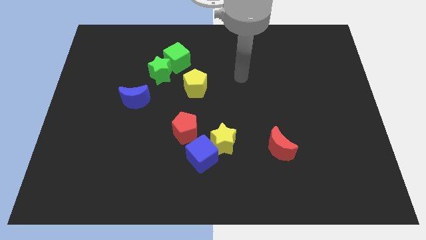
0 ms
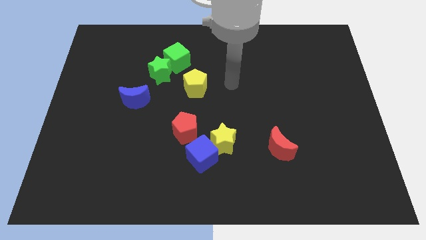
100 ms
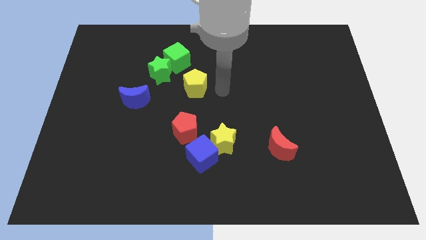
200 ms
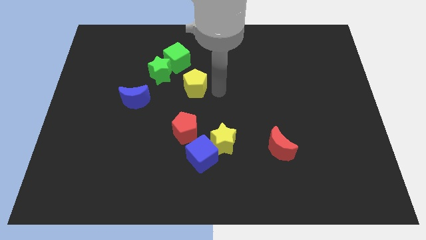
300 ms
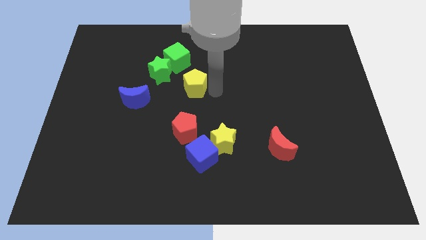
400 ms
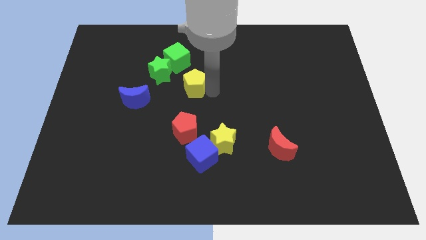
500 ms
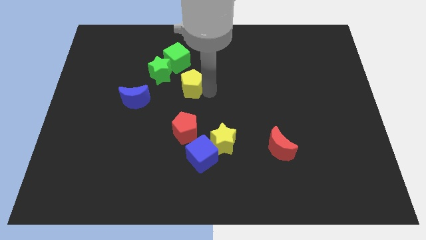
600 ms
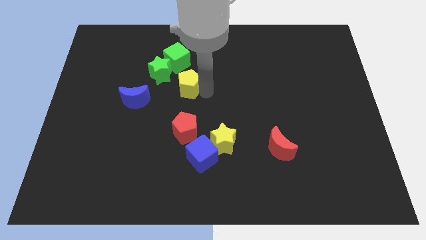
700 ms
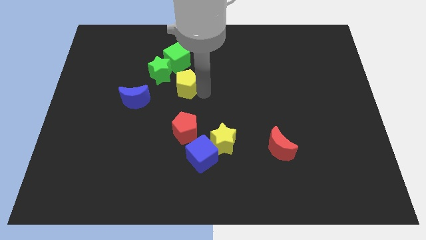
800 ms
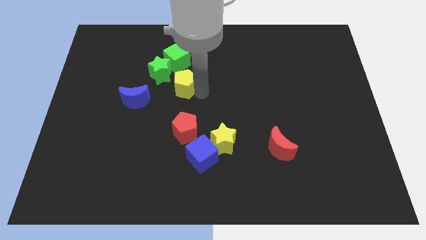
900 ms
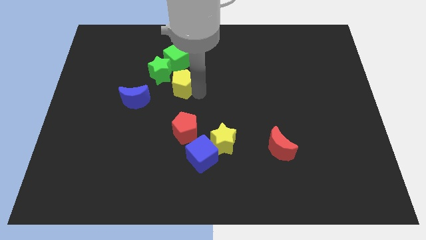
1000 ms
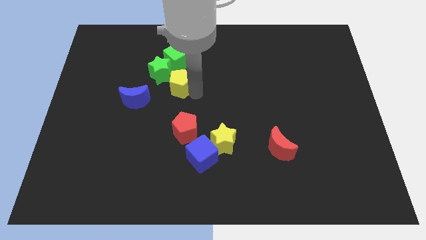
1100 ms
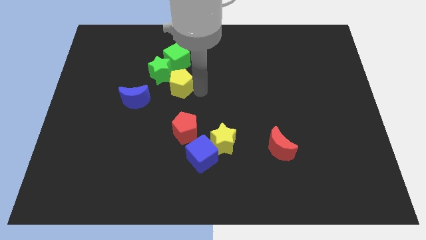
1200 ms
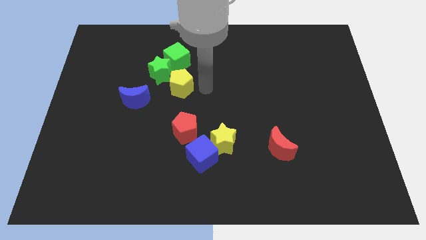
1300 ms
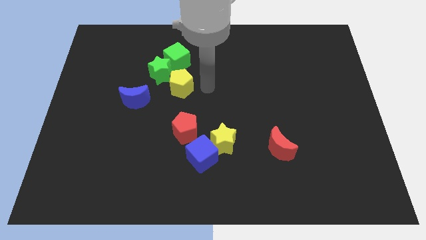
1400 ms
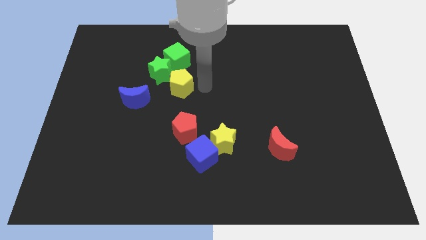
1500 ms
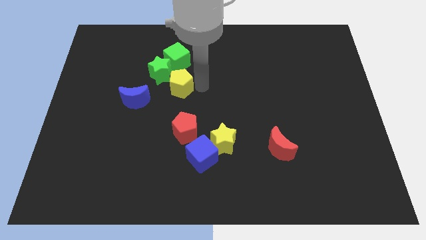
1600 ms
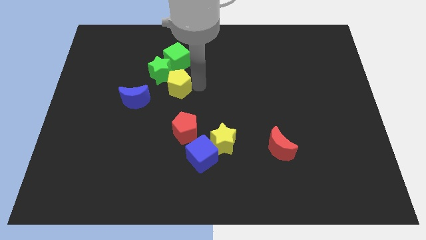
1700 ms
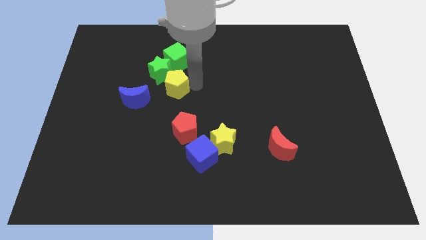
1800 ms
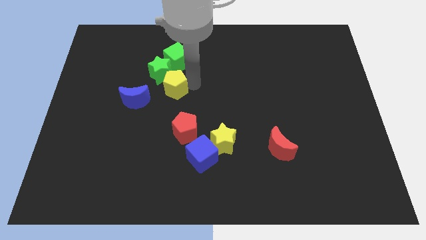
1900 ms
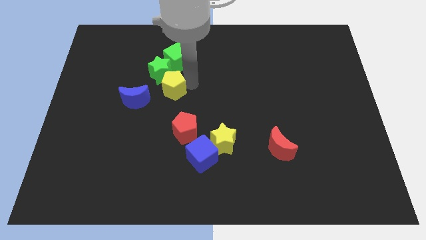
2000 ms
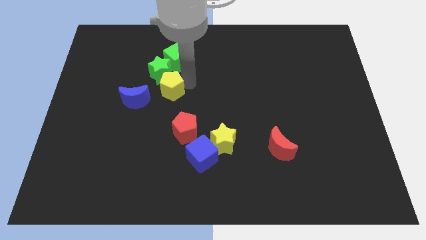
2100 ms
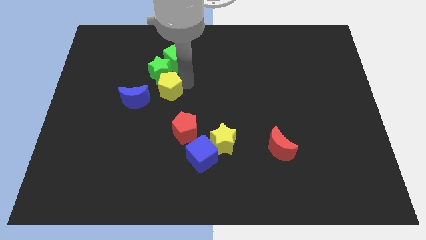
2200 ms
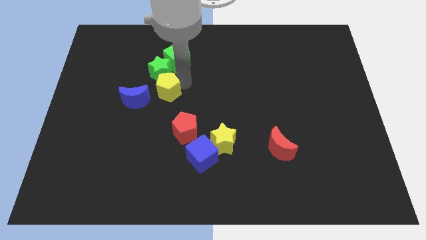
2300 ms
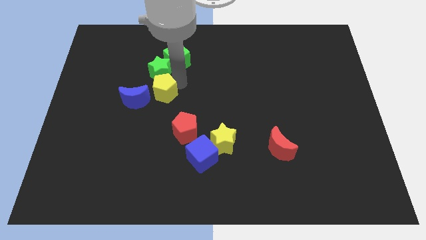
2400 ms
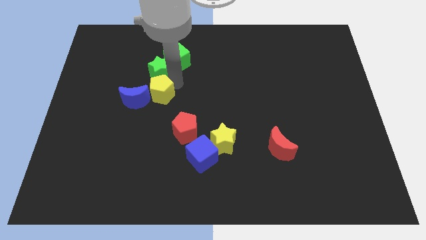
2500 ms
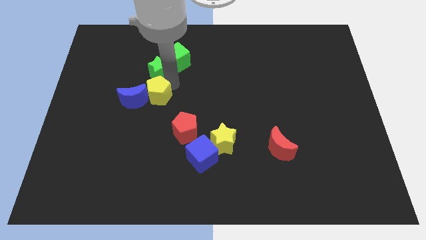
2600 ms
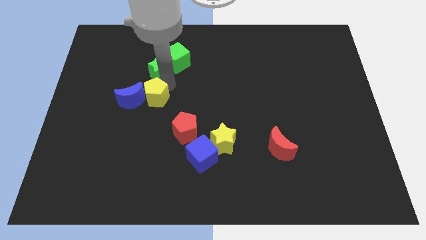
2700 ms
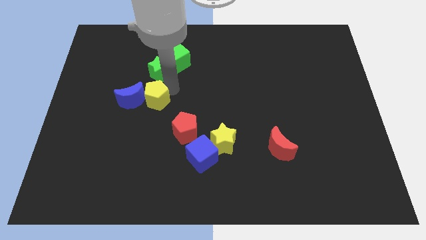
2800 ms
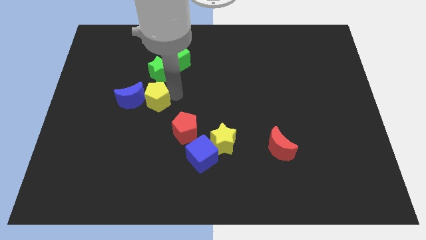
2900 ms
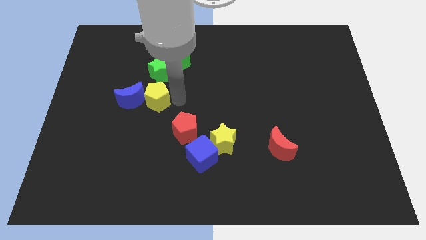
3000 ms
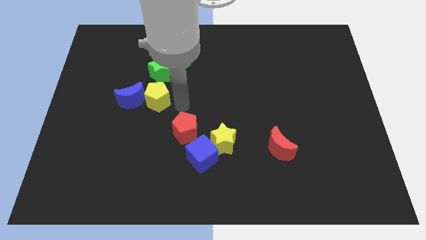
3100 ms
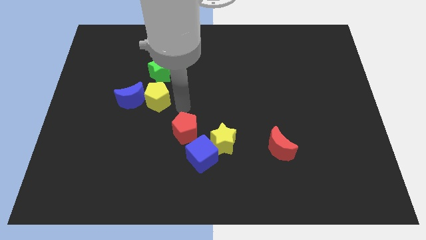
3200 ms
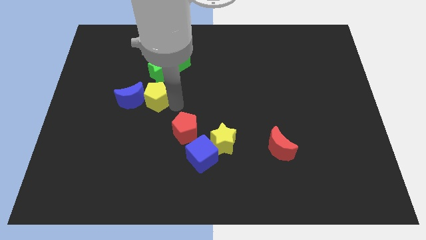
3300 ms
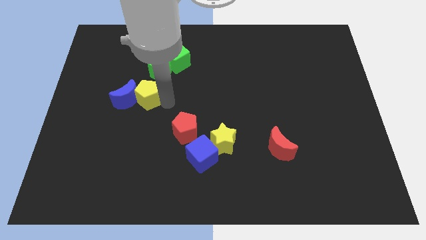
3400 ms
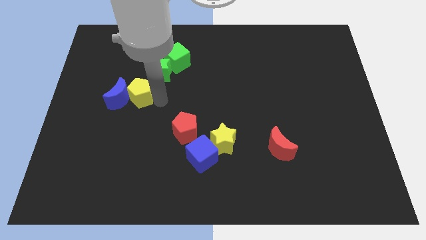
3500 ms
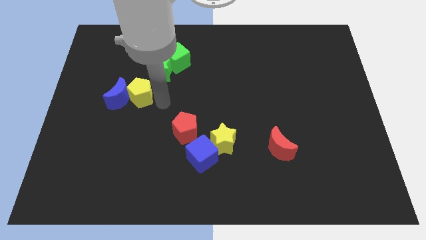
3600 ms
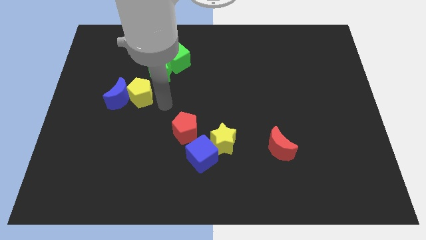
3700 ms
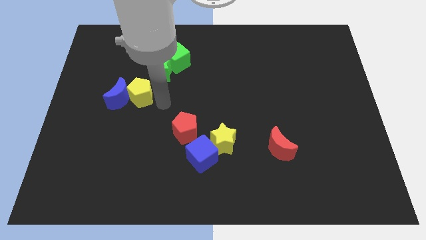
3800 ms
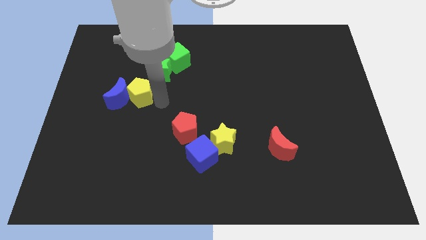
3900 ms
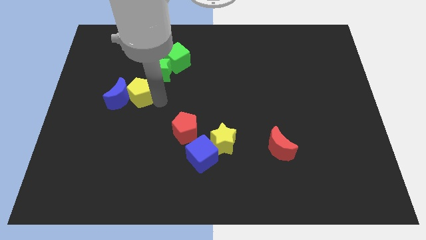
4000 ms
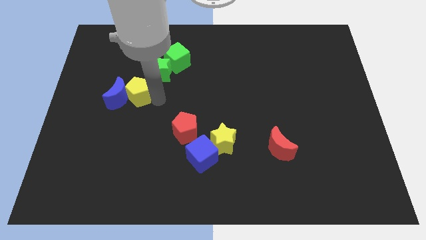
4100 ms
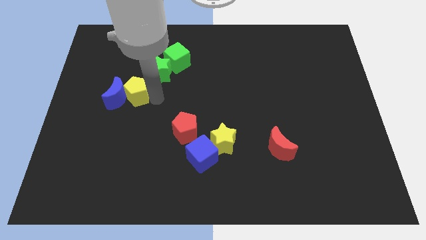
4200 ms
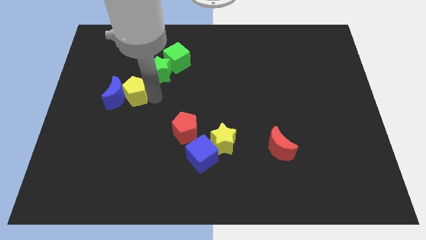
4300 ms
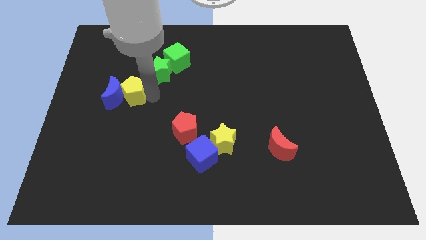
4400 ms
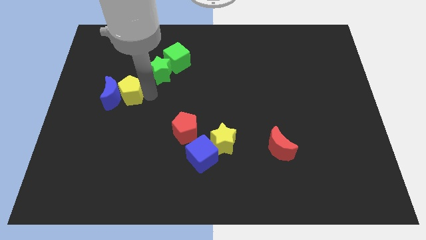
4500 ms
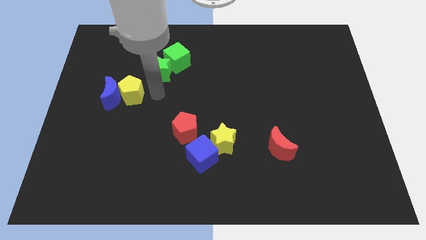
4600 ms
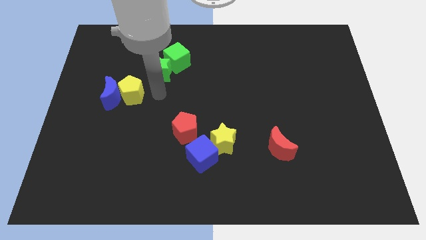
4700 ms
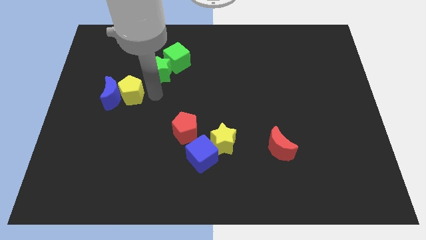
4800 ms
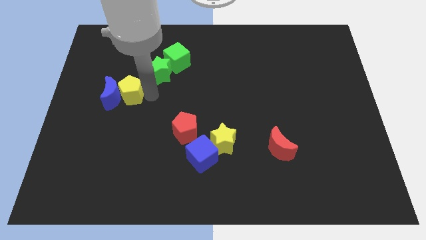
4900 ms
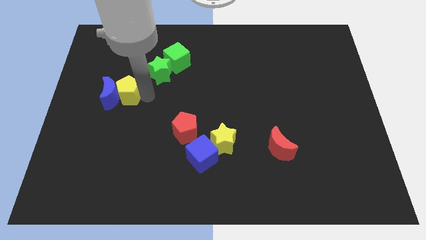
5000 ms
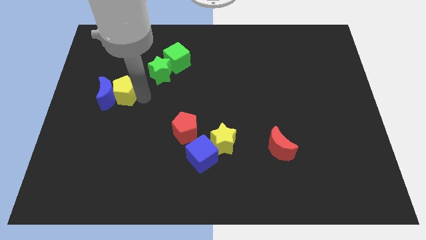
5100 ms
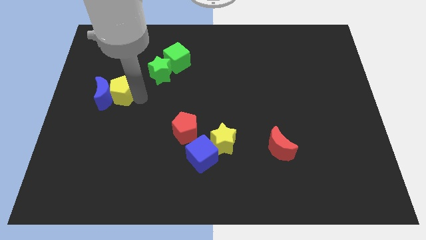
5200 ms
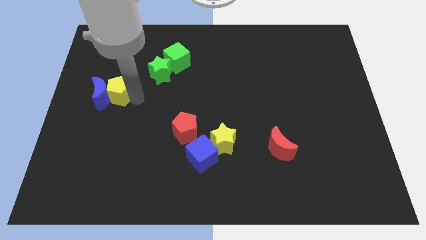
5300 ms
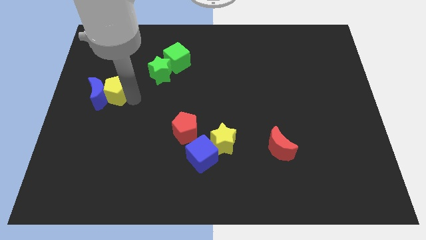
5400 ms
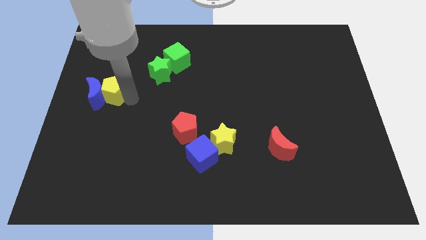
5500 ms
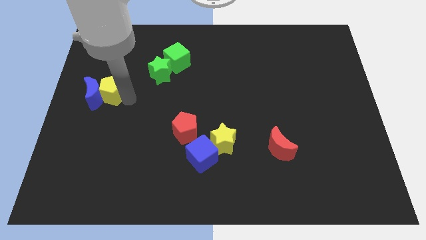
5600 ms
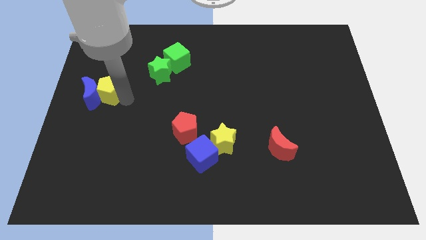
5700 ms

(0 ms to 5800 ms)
move the yellow pentagon to the left side

******************************

### Task brief
Could you reproduce the listing above word for word while leaving out its pictures?

### Output below
0 ms
100 ms
200 ms
300 ms
400 ms
500 ms
600 ms
700 ms
800 ms
900 ms
1000 ms
1100 ms
1200 ms
1300 ms
1400 ms
1500 ms
1600 ms
1700 ms
1800 ms
1900 ms
2000 ms
2100 ms
2200 ms
2300 ms
2400 ms
2500 ms
2600 ms
2700 ms
2800 ms
2900 ms
3000 ms
3100 ms
3200 ms
3300 ms
3400 ms
3500 ms
3600 ms
3700 ms
3800 ms
3900 ms
4000 ms
4100 ms
4200 ms
4300 ms
4400 ms
4500 ms
4600 ms
4700 ms
4800 ms
4900 ms
5000 ms
5100 ms
5200 ms
5300 ms
5400 ms
5500 ms
5600 ms
5700 ms

(0 ms to 5800 ms)
move the yellow pentagon to the left side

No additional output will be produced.